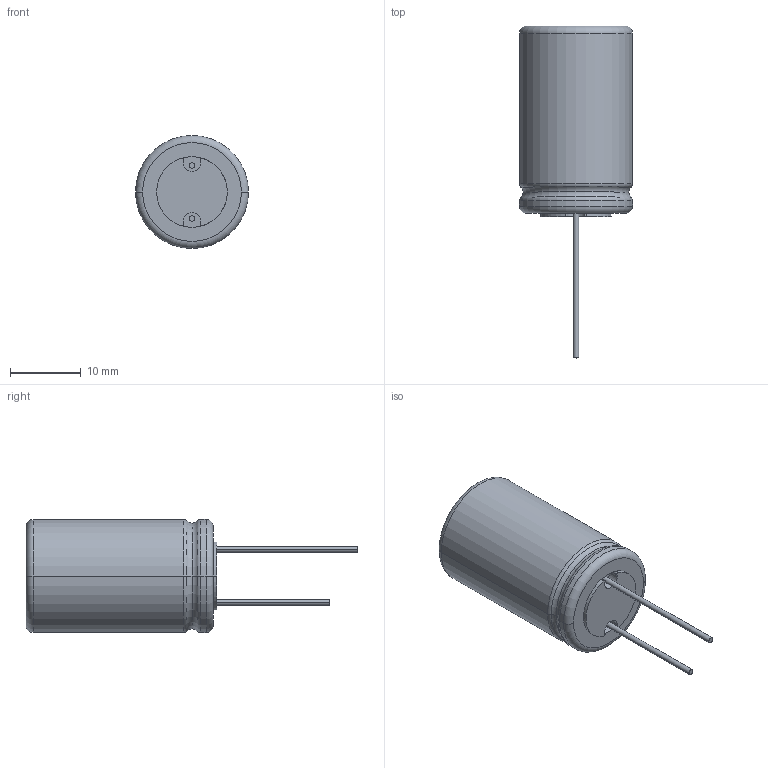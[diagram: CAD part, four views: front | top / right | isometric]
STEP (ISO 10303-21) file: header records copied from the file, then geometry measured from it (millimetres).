
FILE_DESCRIPTION (( 'STEP AP214' ), '1' );
FILE_NAME ('UBT2A221MHD8.STEP', '2018-08-28T21:56:29', ( '' ), ( '' ), 'SwSTEP 2.0', 'SolidWorks 2017', '' );
FILE_SCHEMA (( 'AUTOMOTIVE_DESIGN' ));
Length unit declared in the file: millimetre
Products named in the file (1): UBT2A221MHD8
Bounding box: 16 x 47 x 16 mm (x, y, z)
Volume: 5321.3 mm3; surface area: 2025.1 mm2
Topology: 4 solids, 4 shells, 46 faces, 97 edges, 60 vertices
Faces by surface type: cylinder 25, torus 12, plane 9
Entity records: 1322 total; most frequent: DIRECTION 263, CARTESIAN_POINT 204, ORIENTED_EDGE 194, AXIS2_PLACEMENT_3D 119, EDGE_CURVE 97, CIRCLE 72, VERTEX_POINT 60, EDGE_LOOP 47
= = = = =
## How to complete this task
Could you repeat all of the material exactly? Pictures should not be copied.

## Task output
[diagram: CAD part, four views: front | top / right | isometric]
STEP (ISO 10303-21) file: header records copied from the file, then geometry measured from it (millimetres).
FILE_DESCRIPTION (( 'STEP AP214' ), '1' );
FILE_NAME ('UBT2A221MHD8.STEP', '2018-08-28T21:56:29', ( '' ), ( '' ), 'SwSTEP 2.0', 'SolidWorks 2017', '' );
FILE_SCHEMA (( 'AUTOMOTIVE_DESIGN' ));
Length unit declared in the file: millimetre
Products named in the file (1): UBT2A221MHD8
Bounding box: 16 x 47 x 16 mm (x, y, z)
Volume: 5321.3 mm3; surface area: 2025.1 mm2
Topology: 4 solids, 4 shells, 46 faces, 97 edges, 60 vertices
Faces by surface type: cylinder 25, torus 12, plane 9
Entity records: 1322 total; most frequent: DIRECTION 263, CARTESIAN_POINT 204, ORIENTED_EDGE 194, AXIS2_PLACEMENT_3D 119, EDGE_CURVE 97, CIRCLE 72, VERTEX_POINT 60, EDGE_LOOP 47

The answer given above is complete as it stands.